Algorithm-Hunting SEO versus PR SEO

Algorithm-Hunting-SEO-versus-PR-SEO
There are stark changes in how a modern-day Internet market approaches SEO these days. It starts at the simple keyword level and goes forward into how that information is shared online. Here are a few different ways, the two models differ.
  • • Keywords – The Hummingbird Google update introduced the concept of semantic keyword searching versus coding keywords. In layman’s terms, Google is more interested in what a keyword search means, not what keywords were actually typed into the search engine. This way, they don’t pull up pet accessories when someone types in the query: ”Why am I in the dog house?” Instead, Google now understands that this is a query about relationships, not pets. Thus, the content of your online copy is far more important than the keywords. If you want to place highly for a topic such as relationships, you have to provide a lot of quality content on relationships. The keywords alone will no longer sway Google. What you need to do is community outreach and get into the mind of your reader to make sure your content provides actual value.

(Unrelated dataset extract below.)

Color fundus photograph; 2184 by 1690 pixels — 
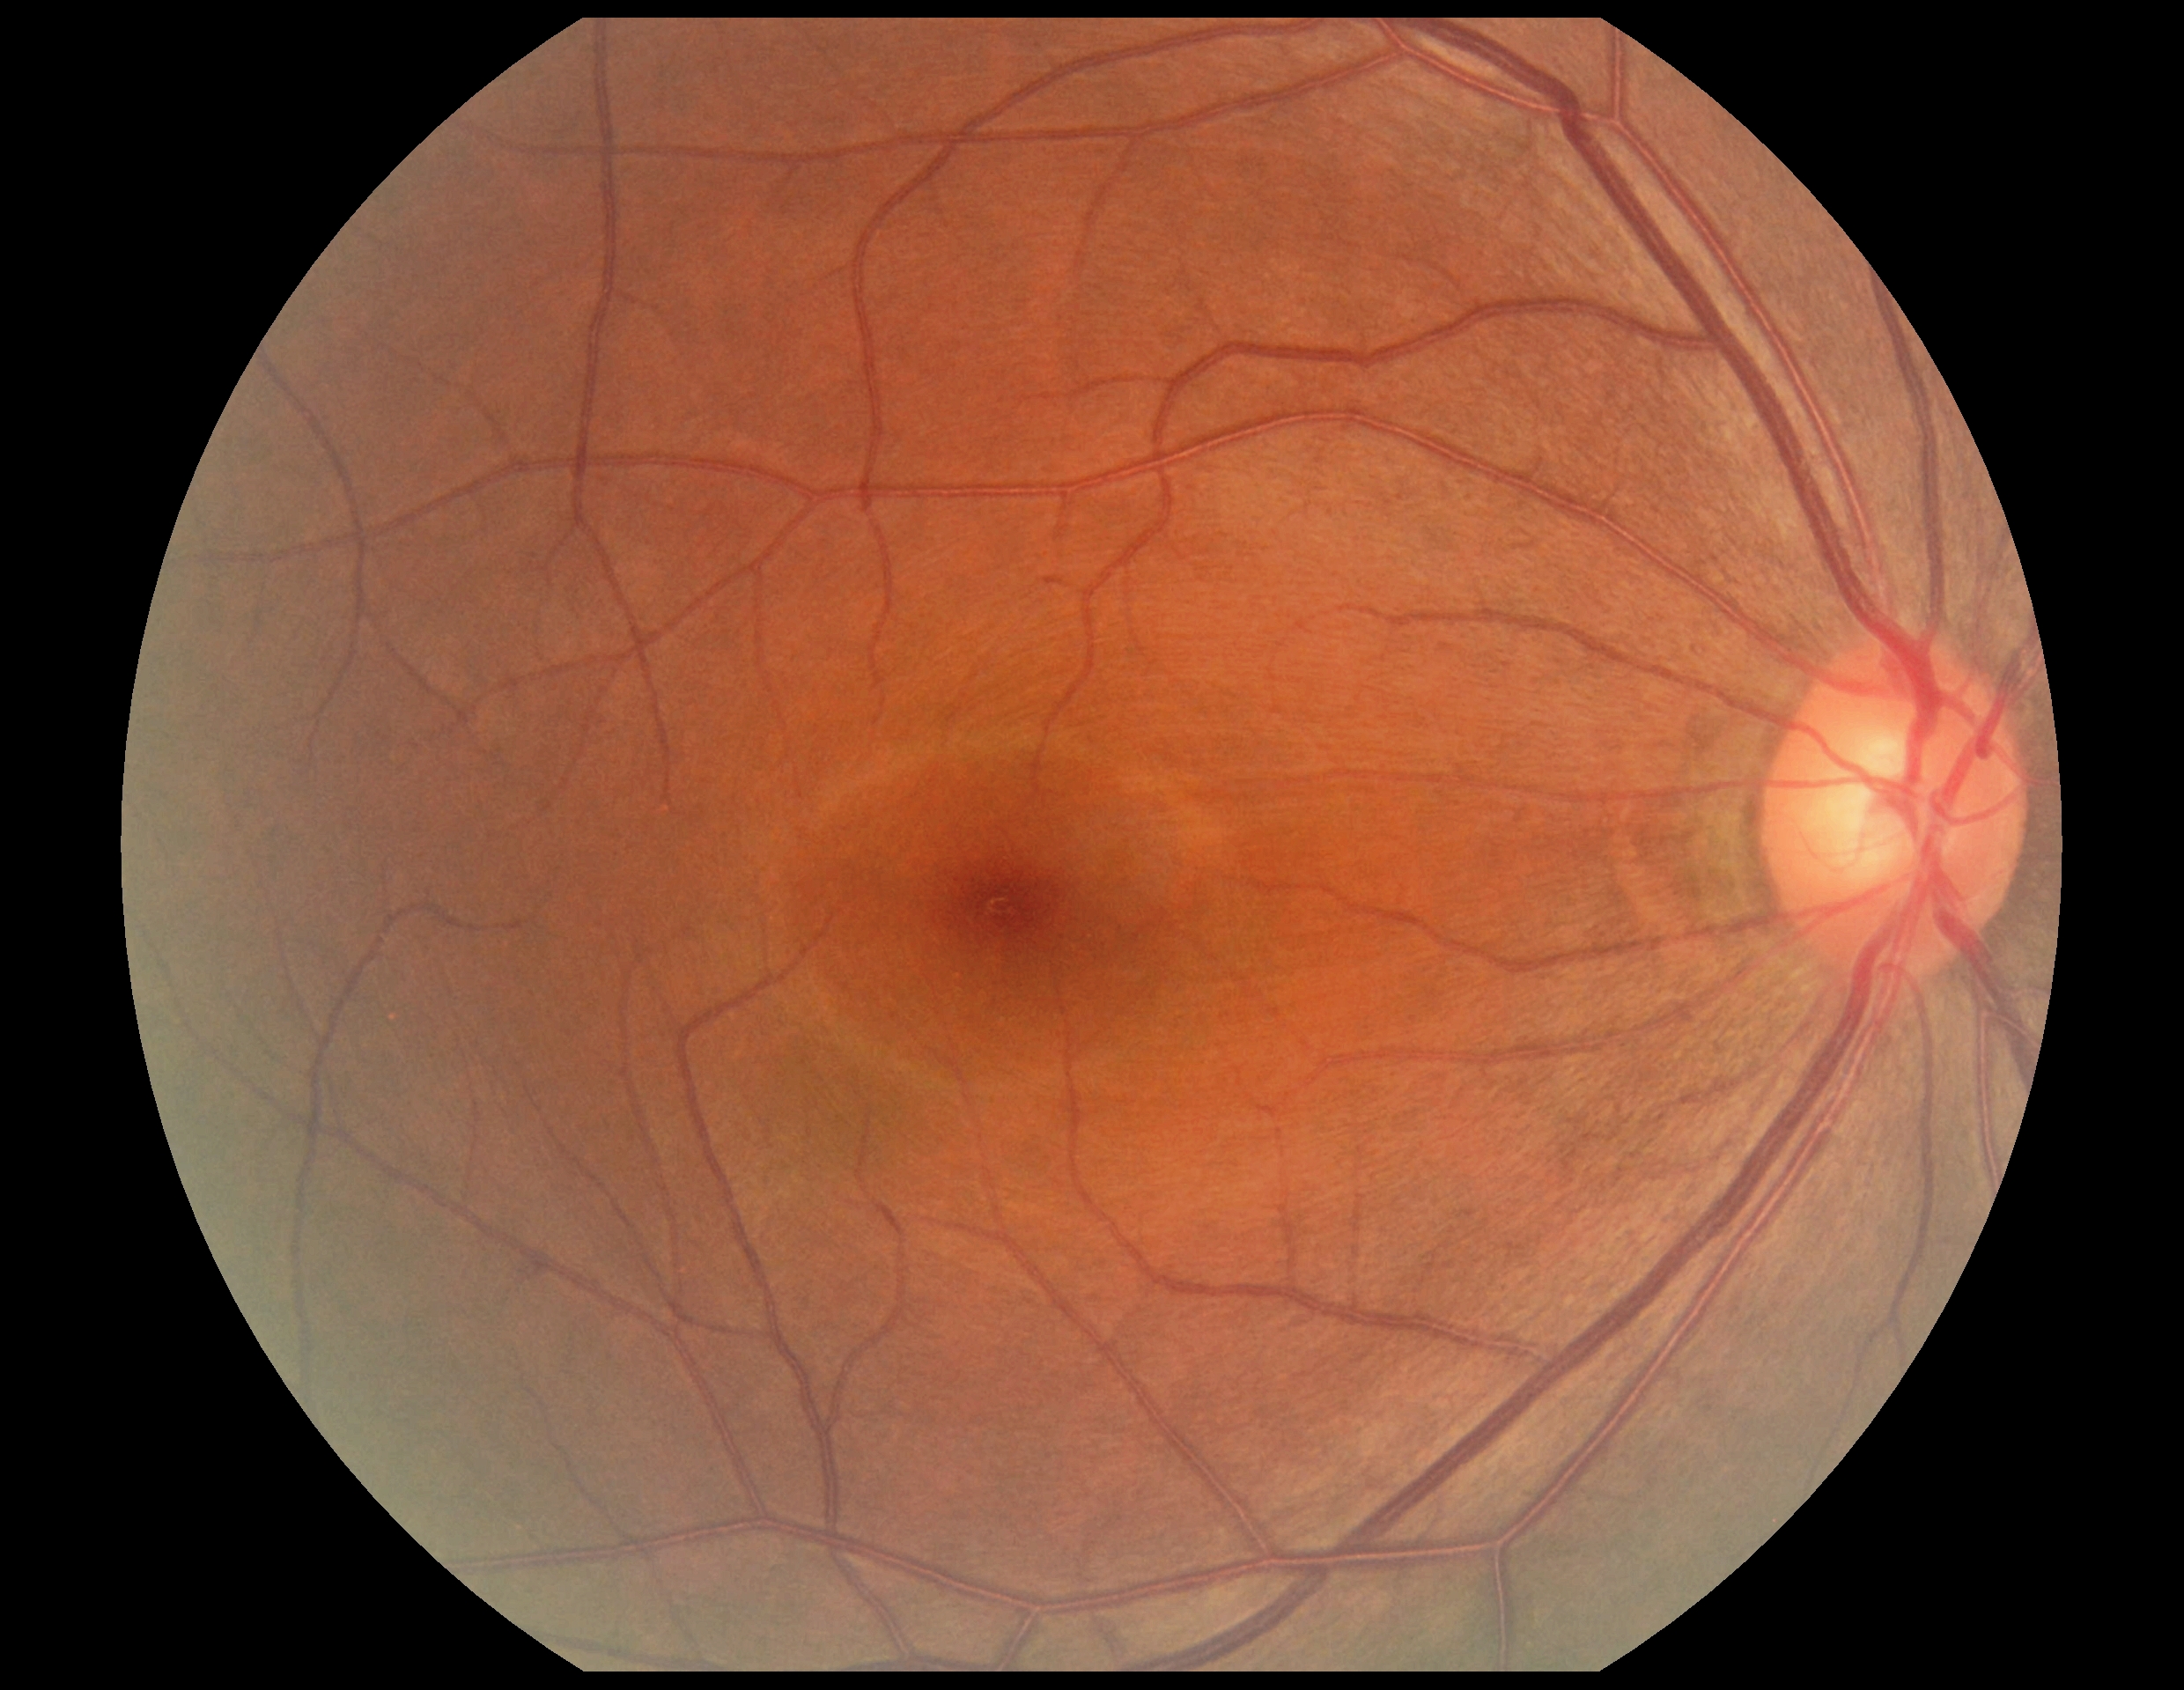
{"dr_grade": "grade 0"}

  • Publishing – It’s no longer reasonable to assume that publishing on your own website is enough to draw attention to your offers through Google searches. Business owners who want to generate buzz for their offerings have to be involved in social networking. Content marketing is an integral part of SEO, including posting status updates on places like Facebook and Twitter. You can still use hashtags and keywords, but some sites also deal more with images and videos than they do with textual content. You will need to include more than one type of content to keep people interested on a social level. Other content will be viewed in a smartphone and will need mobile-friendly content.

  • • Creating Buzz – To create excitement for an offer, in the past, an Internet marketer might have looked to high-ranking pages and site to share that content. They might try to get a retweet from people who had thousands of followers as opposed to the one with just a few friends and followers. They might try to get that person to post a link back to their pages. This is getting harder to do without being penalized for spamming or inappropriate links. It also missed the opportunity to create buzz on a local level. That’s why more marketers are creating buzz in a more social manner, by networking on various sites, not just one social network and one website. Google+ may be the late-comer in the social networking venues, but it is the one tied into the SERPs more, thus it makes sense for marketers to have a presence there, too.

  • • Geographic Marketing – One of the biggest benefits to SEO was the ability to enter a global market. However, some businesses soon realized it wasn’t necessary to market the world when they’re selling pizza in a particular neighborhood restaurant. In that situation, businesses had to create positive public relations in their chosen demographic first, to compete successfully in their area. This could be achieved by cultivating good online reviews, shares, and likes from people in their own area. This cements the idea that you have to connect to your chosen demographic to outsell your competitor, instead of focusing on just issuing copy or trying to chase the Google SERPs tail.
There are distinct differences in the way SEO is approached today to when it was initially developed. Marketers want to make sure that they continue to place highly in the SERPs by creating goodwill among their customers, readership, and sponsors. That is more a public relations role than a sales advertiser. It means being genuine, providing high quality copy, and integrating the strategy with good old-fashioned one-on-one connections to fuel interest and excitement for your online offers. Those businesses that take their public relations role seriously will end up naturally ranking higher and win out in the end.